*** Begin section ***
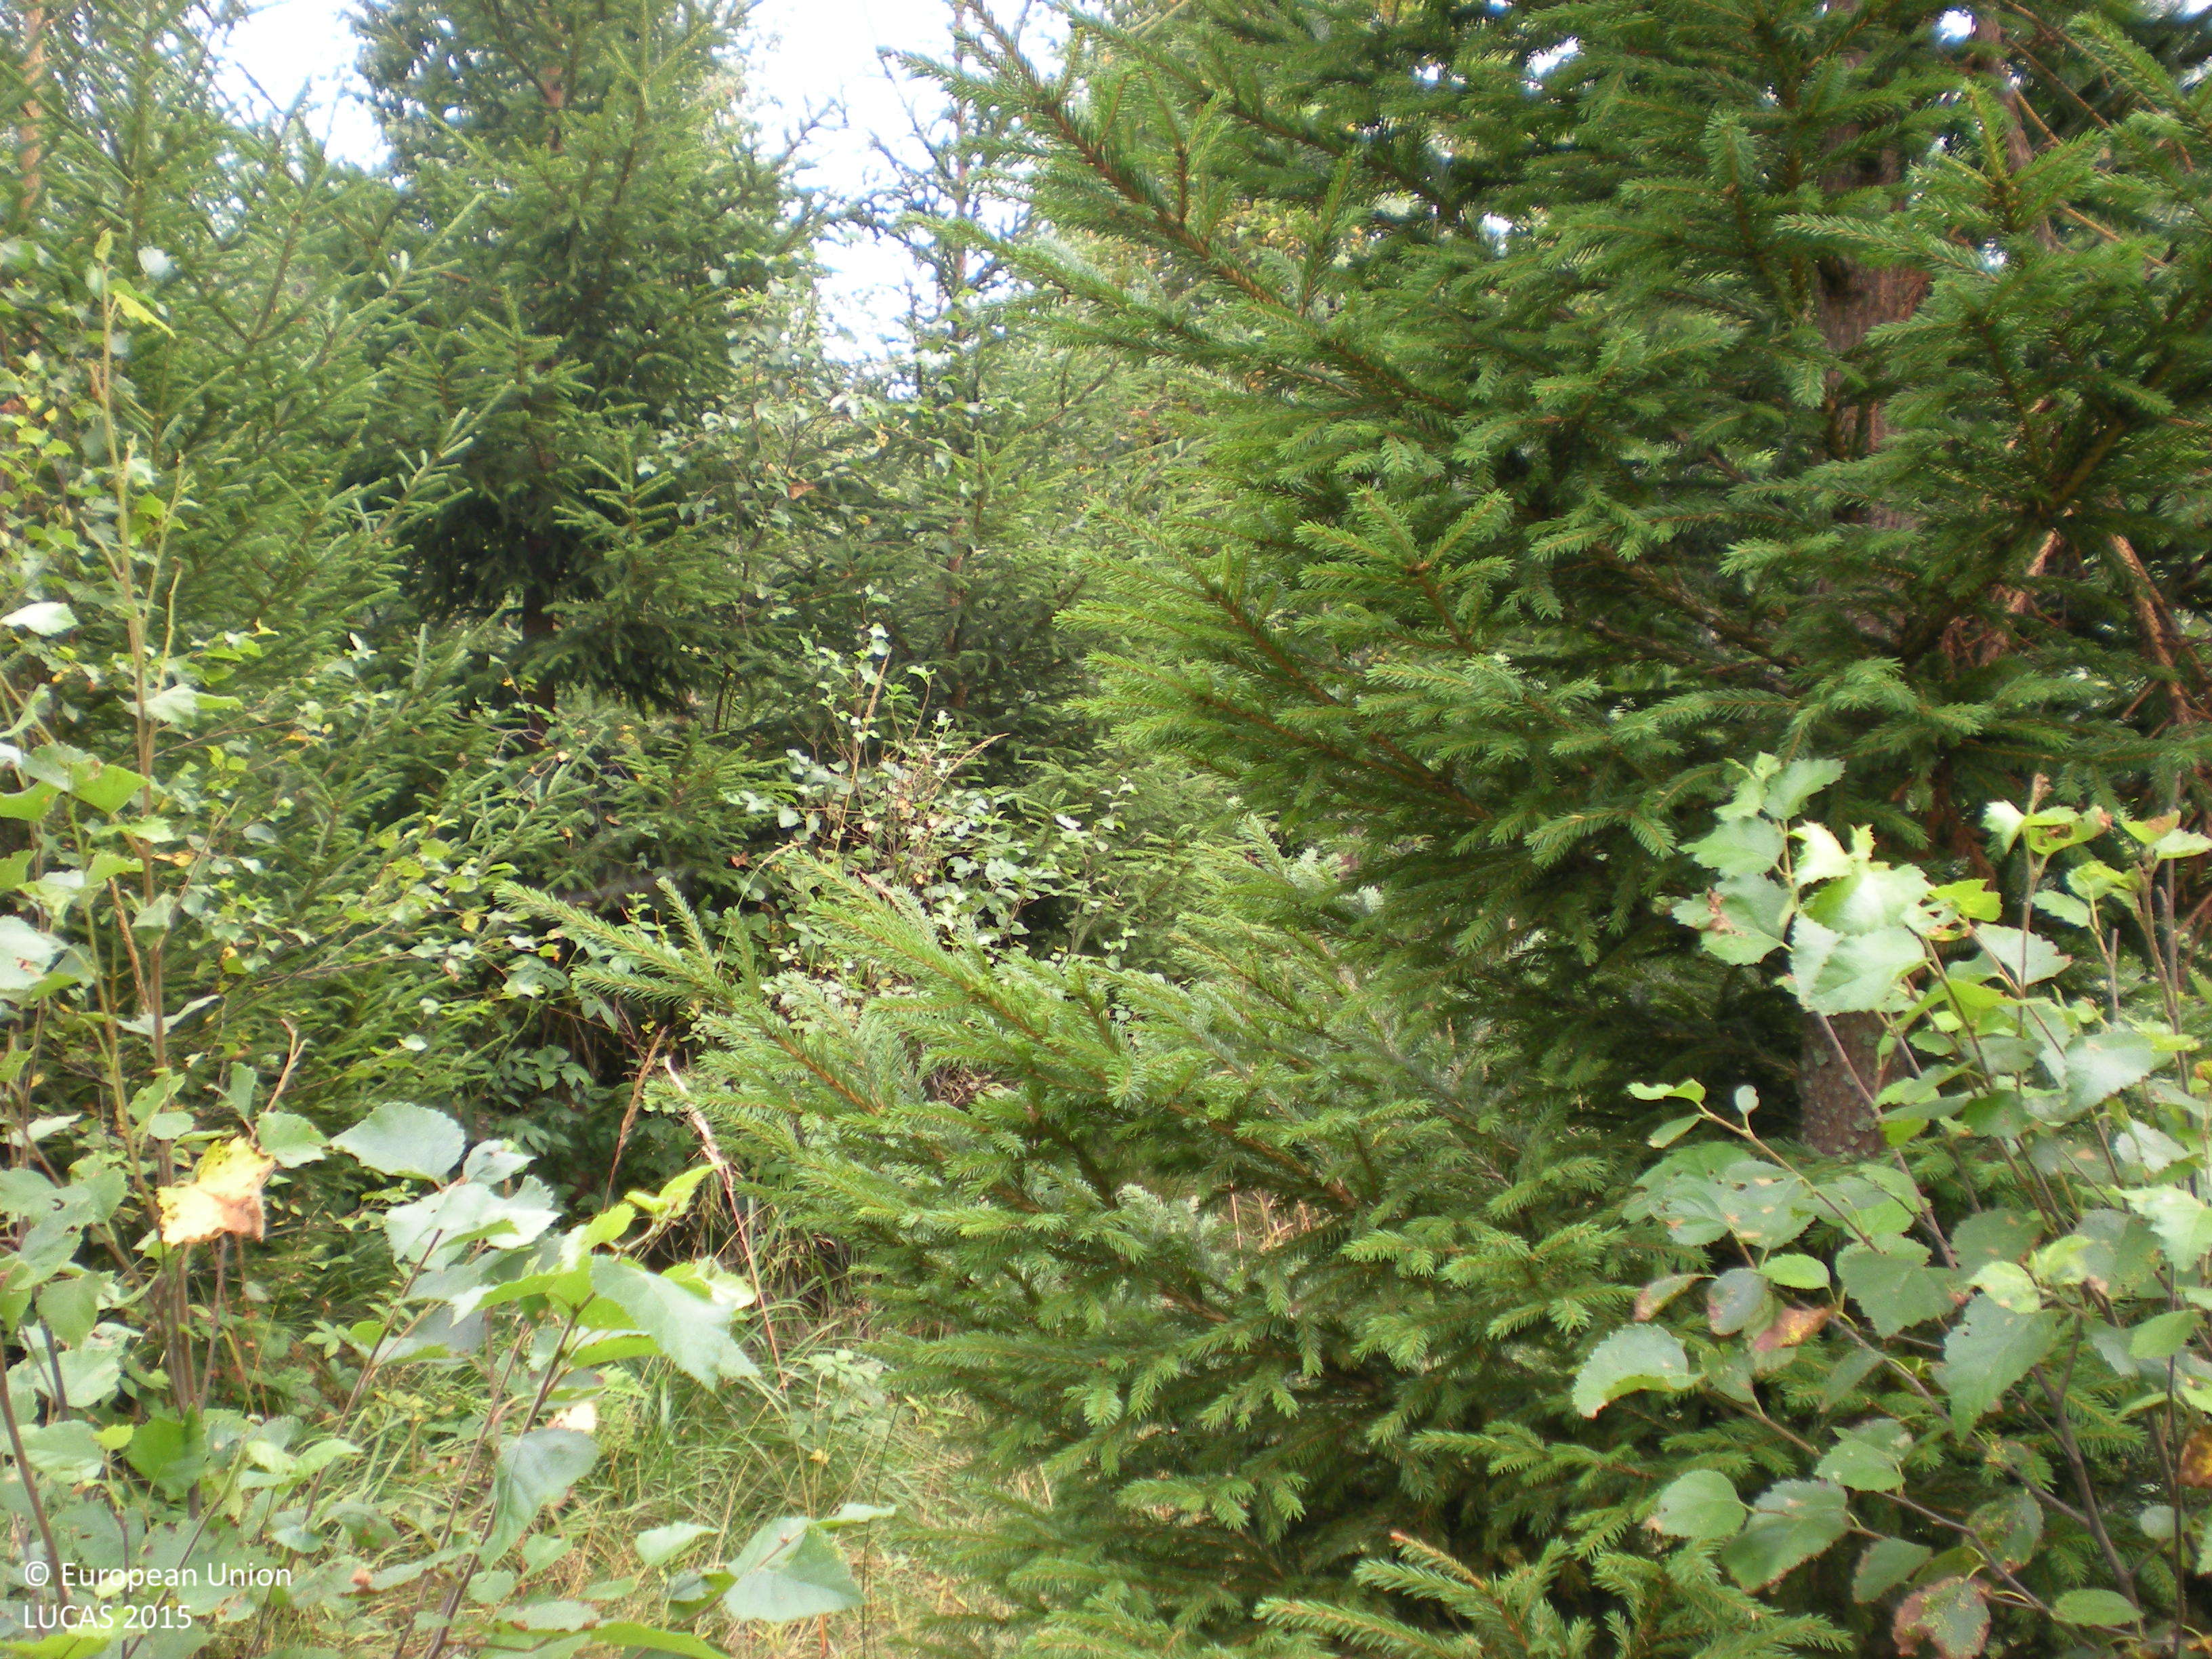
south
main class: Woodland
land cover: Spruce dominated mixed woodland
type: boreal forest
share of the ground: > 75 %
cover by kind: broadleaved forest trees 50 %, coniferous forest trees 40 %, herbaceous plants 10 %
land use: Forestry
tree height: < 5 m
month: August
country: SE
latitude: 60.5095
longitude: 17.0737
*** End section ***
INSTRUCTIONS FOR THE TASK - Each entry above has to be set down again verbatim, except for its pictures.

RESULT -
south
main class: Woodland
land cover: Spruce dominated mixed woodland
type: boreal forest
share of the ground: > 75 %
cover by kind: broadleaved forest trees 50 %, coniferous forest trees 40 %, herbaceous plants 10 %
land use: Forestry
tree height: < 5 m
month: August
country: SE
latitude: 60.5095
longitude: 17.0737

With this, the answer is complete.